Saweran TikTok Putra Purbaya Kembali Disorot, Begini Penjelasan KPK soal Gratifikasi

Saweran TikTok putra Purbaya Yudhi Sadewa kembali disorot. KPK menjelaskan batas gratifikasi serta jalur konsultasi dan pelaporan bagi pejabat negara.

18 September 2026 | 18:50 WIB2,573 Views

Saweran TikTok Putra Purbaya Kembali Disorot, Begini Penjelasan KPK soal Gratifikasi

Nasional2,573 Views

Bagaimana Aturan Pelaporan Gratifikasi?

Secara umum, KPK menjelaskan bahwa pegawai negeri atau penyelenggara negara yang menerima gratifikasi dan memenuhi ketentuan pelaporan harus menyampaikannya kepada KPK paling lambat 30 hari kerja sejak gratifikasi diterima.

Keterangan KPK mengenai tata cara pelaporan merujuk antara lain pada Undang-Undang Nomor 31 Tahun 1999 sebagaimana diubah dengan Undang-Undang Nomor 20 Tahun 2001. Laporan antara lain memuat identitas penerima dan pemberi, jabatan penerima, waktu dan tempat penerimaan, jenis pemberian serta nilainya.

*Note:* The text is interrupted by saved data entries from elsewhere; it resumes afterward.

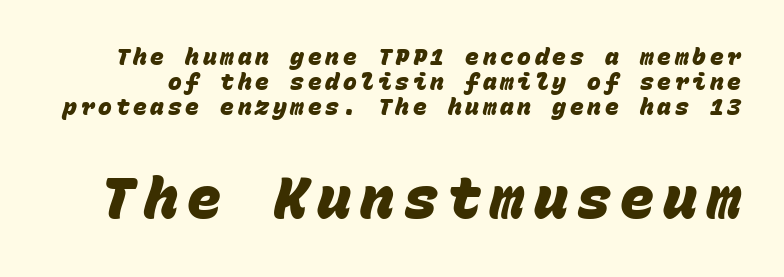
{"serif": "no", "bold": "yes", "weight": "heavy", "width": "normal", "stroke_contrast": "low", "x_height": "large", "monospaced": "yes", "underline": "no", "line_spacing": "tight", "line_spacing_ratio": 1.08, "larger_block": "second", "size_ratio": 2.48, "glyph_px": 57}
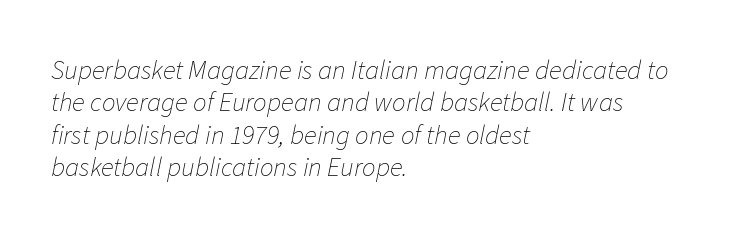
The face used here is rendered with its standard letterfit. Would a proofreader flag this as italicized? Yes. The characters are drawn with everyday or finer stroke widths. The rag falls on the right side of this text block. Rule under the text: the space is simply empty.
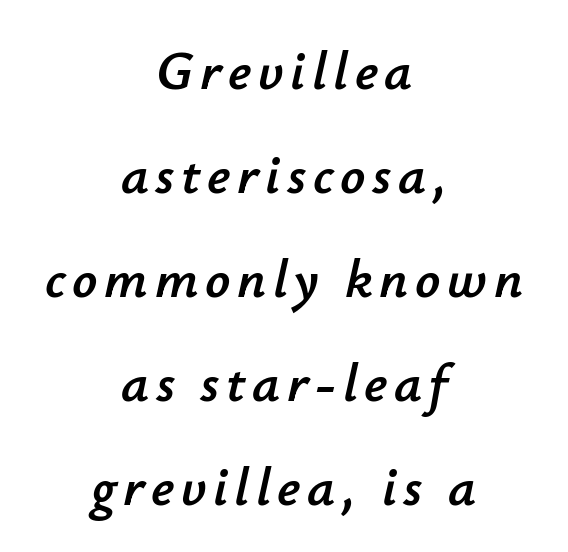
The image shows 55 px text type, italic (leaning right); set centered, line spacing 1.89x, not underlined; low stroke contrast and a small x-height.
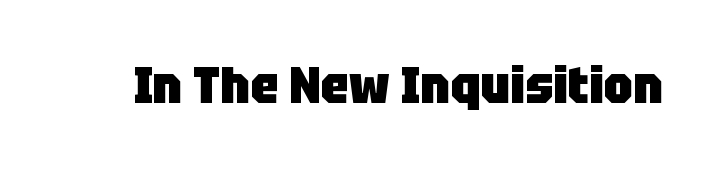
Each letter keeps its own natural width here, so spacing adapts to shape. Standard letterfit; no display-style spreading of the glyphs. The typesetting leans heavy: a genuine bold. Grotesque or geometric, the face here clearly has no serifs. Does the lettering tilt? It doesn't — this is upright.
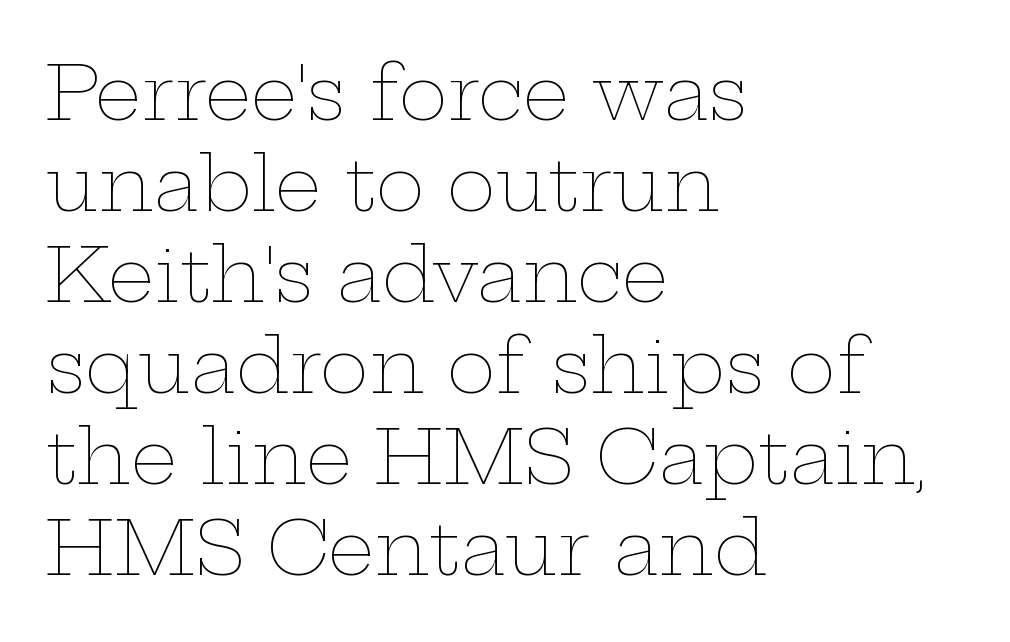
Stroke thickness stays within the range of a standard reading face or lighter. The space directly below the letters is spotless. Posture: upright roman. No extra tracking has been applied to these lines.
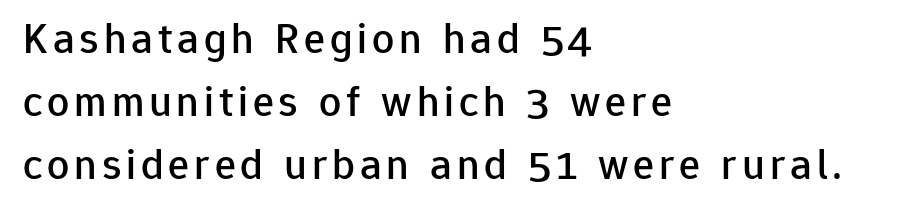
Q: Is the text italic (slanted)? A: No, it is upright.
Q: Is the typeface a serif or a sans-serif typeface? A: Sans-serif.
Q: Is the text underlined? A: No.
Q: How is the paragraph aligned? A: Left-aligned.
Q: Is the spacing between lines tight, normal or loose? A: Normal.
Q: Width (condensed, normal, or wide)? A: Normal.
Q: Stroke contrast? A: Low.
Q: x-height? A: Medium.
Q: Monospaced? A: No.
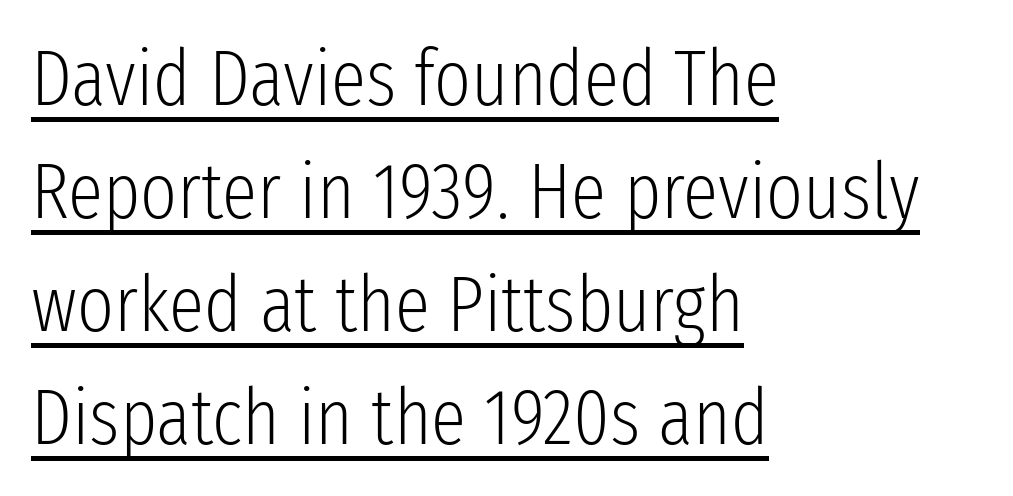
The image shows 79 px light, condensed sans-serif type, upright; set left-aligned, normal line spacing (1.43x), normal letter spacing, underlined; low stroke contrast and a medium x-height.
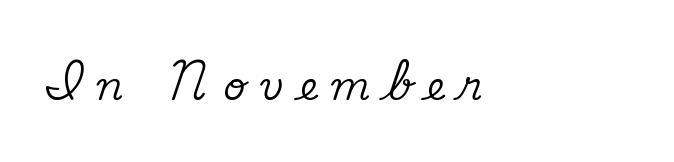
Proportional: the letters do not fall into vertical columns. Look at the tracking — it's clearly loosened, letters drifting apart. The passage shown is not underscored anywhere.
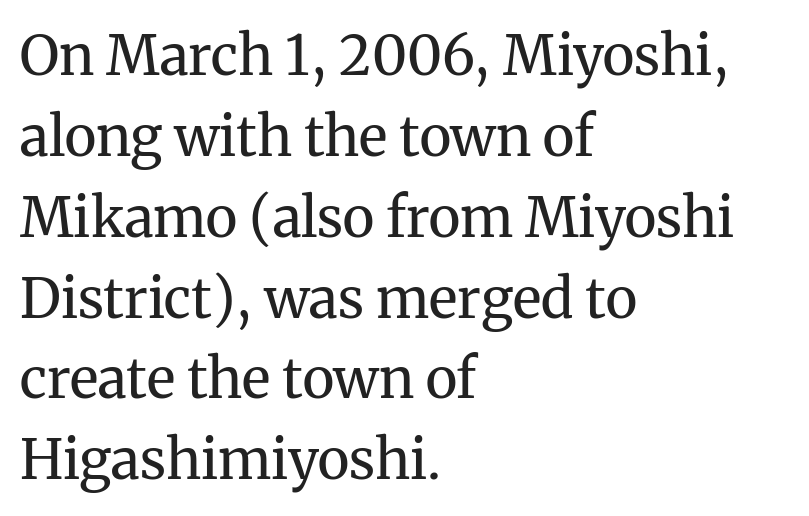
Q: Is the text bold? A: No.
Q: Is the text italic (slanted)? A: No, it is upright.
Q: Is the typeface a serif or a sans-serif typeface? A: Serif.
Q: Is the text underlined? A: No.
Q: How is the paragraph aligned? A: Left-aligned.
Q: Is the spacing between letters normal or unusually wide? A: Normal.
Q: Is the spacing between lines tight, normal or loose? A: Normal.
Q: Width (condensed, normal, or wide)? A: Normal.
Q: Stroke contrast? A: Medium.
Q: x-height? A: Medium.
Q: Monospaced? A: No.
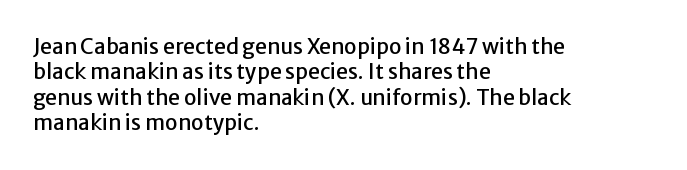
Q: Is the text italic (slanted)? A: No, it is upright.
Q: Is the text underlined? A: No.
Q: How is the paragraph aligned? A: Left-aligned.
Q: Is the spacing between letters normal or unusually wide? A: Normal.
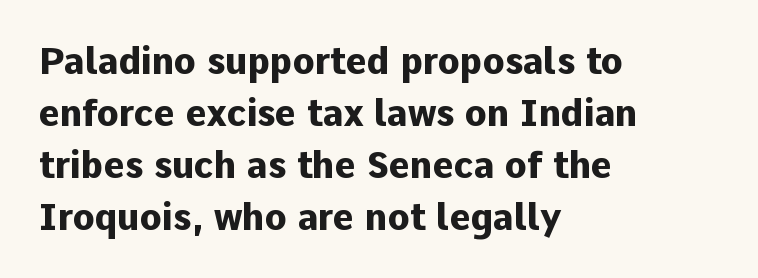
The image shows 36 px heavy sans-serif type, upright; set left-aligned, normal line spacing (1.44x), normal letter spacing, not underlined; low stroke contrast and a medium x-height.
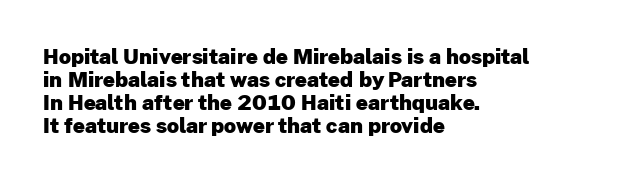
Q: Is the text bold? A: Yes.
Q: Is the text italic (slanted)? A: No, it is upright.
Q: Is the text underlined? A: No.
Q: How is the paragraph aligned? A: Left-aligned.
Q: Is the spacing between letters normal or unusually wide? A: Normal.
Q: Is the spacing between lines tight, normal or loose? A: Tight.
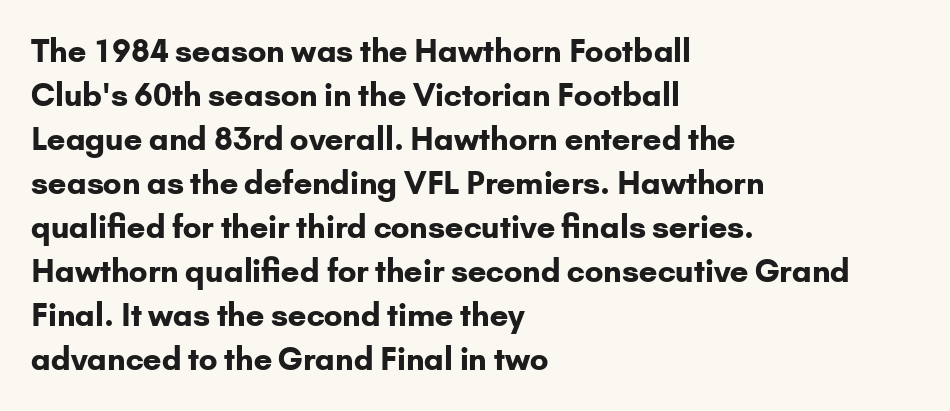
Q: Is the text bold? A: Yes.
Q: Is the text italic (slanted)? A: No, it is upright.
Q: Is the typeface a serif or a sans-serif typeface? A: Sans-serif.
Q: Is the text underlined? A: No.
Q: How is the paragraph aligned? A: Left-aligned.
Q: Is the spacing between letters normal or unusually wide? A: Normal.
Q: Is the spacing between lines tight, normal or loose? A: Normal.
Q: Width (condensed, normal, or wide)? A: Normal.
Q: Stroke contrast? A: Low.
Q: x-height? A: Small.
Q: Monospaced? A: No.
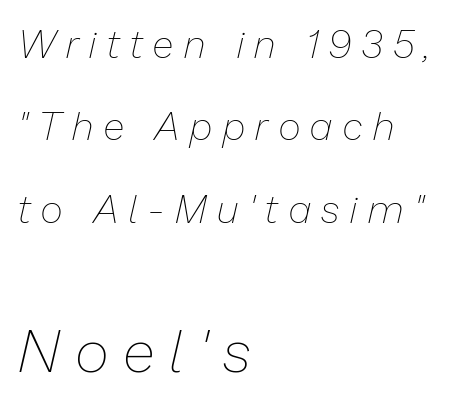
{"italic": "yes", "lean": "right", "slant_degrees": 13, "bold": "no", "weight": "thin", "width": "normal", "stroke_contrast": "low", "x_height": "medium", "monospaced": "no", "underline": "no", "align": "left", "line_spacing": "loose", "line_spacing_ratio": 2.11, "letter_spacing": "wide", "letter_spacing_em": 0.28, "larger_block": "second", "size_ratio": 1.51, "glyph_px": 59}
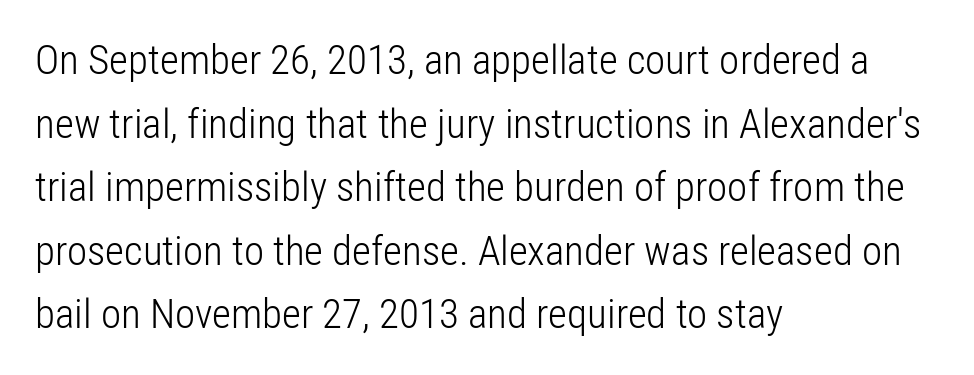
The foot of each line stays bare and open. One-word summary of the alignment: left. The characters display no serif detailing; their extremities are plain. This reads as an unemphasized weight, regular at the heaviest.
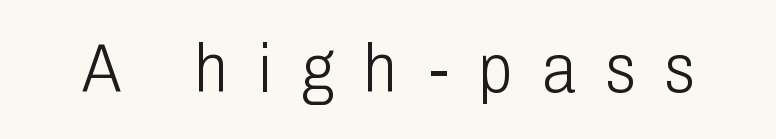
{"serif": "no", "italic": "no", "bold": "no", "weight": "light", "width": "condensed", "stroke_contrast": "low", "x_height": "medium", "monospaced": "no", "underline": "no", "letter_spacing": "wide", "letter_spacing_em": 0.45, "glyph_px": 68}
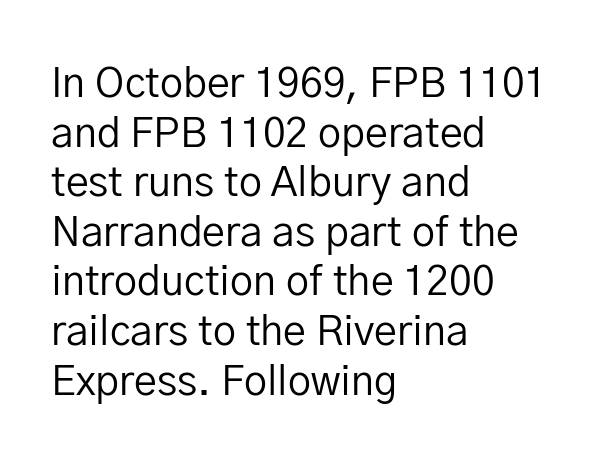
Tall strokes in this sample are plumb rather than angled. Are there feet on the stems? There aren't — it's a sans. The strokes are not fattened; the text isn't bold. The strip under each line holds only bare page. Observe the ordinary spacing: letters are neighbours, not strangers. The face used here is proportionally spaced, like ordinary book or web type.
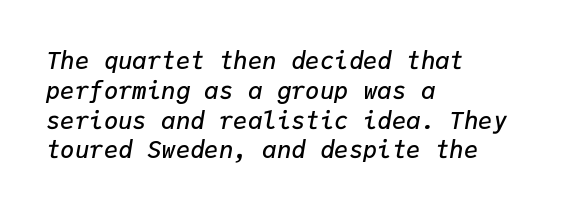
Q: Is the text bold? A: Semi-bold.
Q: Is the text italic (slanted)? A: Yes, it leans right by about 9 degrees.
Q: Is the text underlined? A: No.
Q: How is the paragraph aligned? A: Left-aligned.
Q: Is the spacing between letters normal or unusually wide? A: Normal.
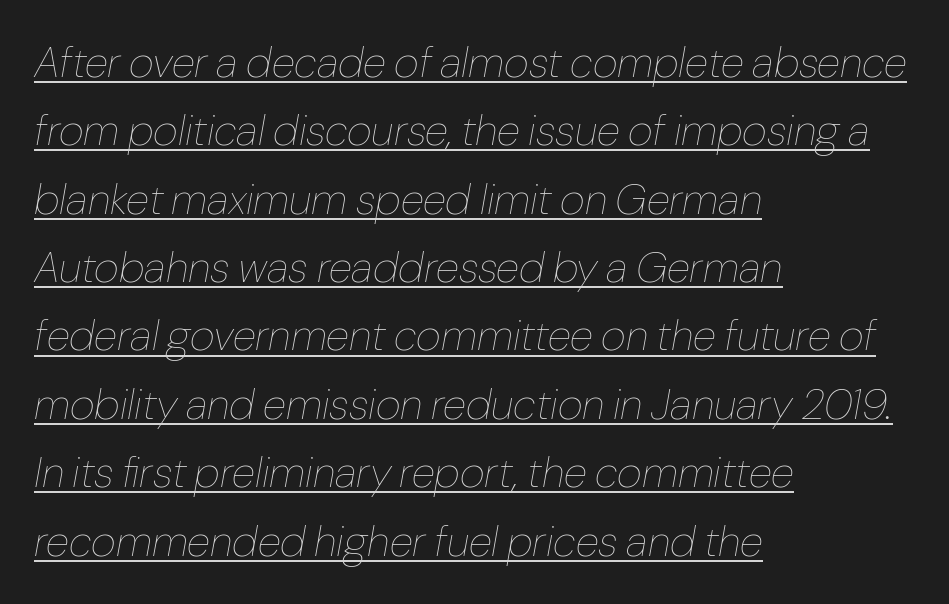
Counters stay open thanks to moderate or lighter strokes. Each word holds together tightly as a unit, with standard inter-letter gaps. The lines are quadded left. What decoration does the sample have? An underline.
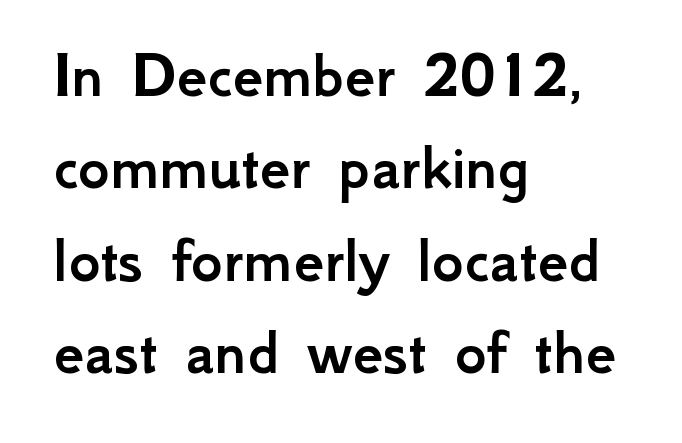
The letters stand straight up with perfectly vertical stems. These lines sit exactly where default settings would place them. Nothing sits at the stroke ends, so this counts as sans-serif. Short and long lines alike share a common starting point at left. Descender tails drop into unmarked territory. A typesetter would call this proportional, since set widths differ per character.
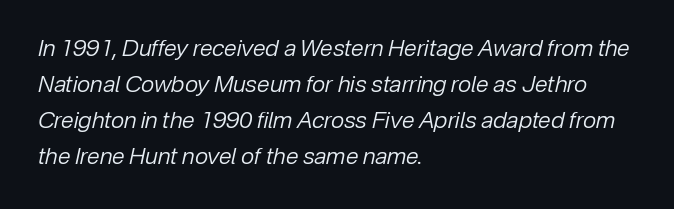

Namun, ketentuan umum tersebut tidak berarti setiap transaksi, hadiah, atau pemberian kepada anggota keluarga pejabat otomatis merupakan gratifikasi yang dilarang. Penilaian memerlukan konteks, termasuk siapa penerimanya, hubungan pemberian dengan jabatan, serta kemungkinan adanya benturan kepentingan.

Purbaya Kini Bukan Menteri Keuangan

Status jabatan Purbaya juga perlu ditempatkan sesuai waktu kejadian. Ketika siaran langsung TikTok yang dipersoalkan berlangsung pada Februari 2026, Purbaya masih menjabat Menteri Keuangan.

Namun, berdasarkan informasi resmi Kementerian Keuangan, serah terima jabatan Menteri Keuangan dari Purbaya Yudhi Sadewa kepada Suahasil Nazara berlangsung pada 15 September 2026. Dengan demikian, dalam perkembangan terbaru mengenai polemik tersebut, Purbaya berstatus mantan Menteri Keuangan.

Polemik gift TikTok ini sekaligus menunjukkan munculnya persoalan baru dalam interaksi pejabat publik dengan masyarakat melalui platform digital. Fitur monetisasi seperti gift memungkinkan pemberian bernilai ekonomi terjadi secara langsung ketika seorang pejabat atau keluarganya sedang berinteraksi dengan pengguna media sosial.

Dalam situasi demikian, penjelasan KPK menekankan pentingnya melihat hubungan antara pemberian dan jabatan. Apabila penyelenggara negara menghadapi keraguan, mekanisme konsultasi dan pelaporan tersedia untuk memperoleh kejelasan mengenai status suatu penerimaan.